2. Todos los productos se encuentran a precios sumamente bajos, con los que es difícil competir. 

3. Envíos relativamente rápidos, comparado con sus predecesores AliExpress o Alibaba, que podían tardar meses en llegar al destino, o no llegar en lo absoluto. TEMU ofrece envíos express así como envíos regulares que tardan, a lo mucho, dos a tres semanas.
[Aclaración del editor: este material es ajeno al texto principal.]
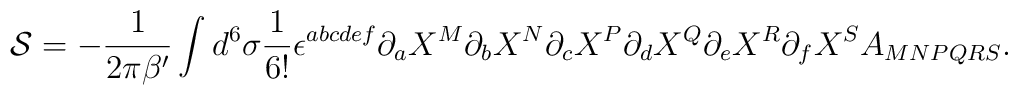
{\cal S} = - {1 \over 2 \pi \beta'} \int d^6\sigma {1 \over 6!}\epsilon^{abcdef} \partial_a X^M \partial_b X^N \partial_c X^P \partial_dX^Q \partial_e X^R \partial_f X^S A_{MNPQRS}.
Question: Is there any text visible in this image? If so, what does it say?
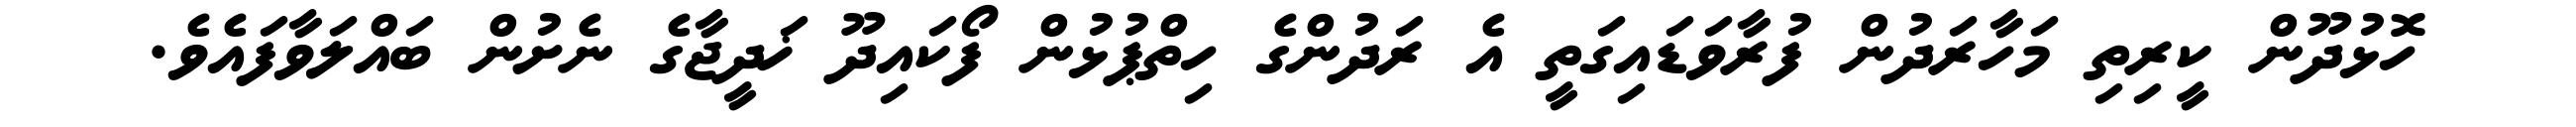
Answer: ހޮޅުދޫން ކީރިތި މަހާރަދުން ފުރާވަޑައިގަތީ އެ ރަދުންގެ ހިތްޕުޅުން ފޯކައިދޫ ޚަދީޖާގެ ނެށުން ބައްލަވާފައެވެ.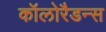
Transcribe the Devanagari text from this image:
कॉलोरैडन्स

Ahora, estas características podrían pertenecer a cualquier otro marketplace, no hay nada excepcional de tener variedad de productos, precios bajos y envíos rápidos, esta trifecta podría ser alcanzable con buenos proveedores así como servicios de logística. Pero, existe un último ingrediente que ha hecho de TEMU lo que es, y son todas las técnicas de gamification que han implementado. Sus descuentos de hasta el 90%, productos de regalo, crédito y envíos gratis, atraen a los usuarios y los mantienen comprando ya que para “desbloquear” dichos beneficios es necesario realizar una compra y hacerlos válidos a la siguiente. Entre más se compra, más se gana.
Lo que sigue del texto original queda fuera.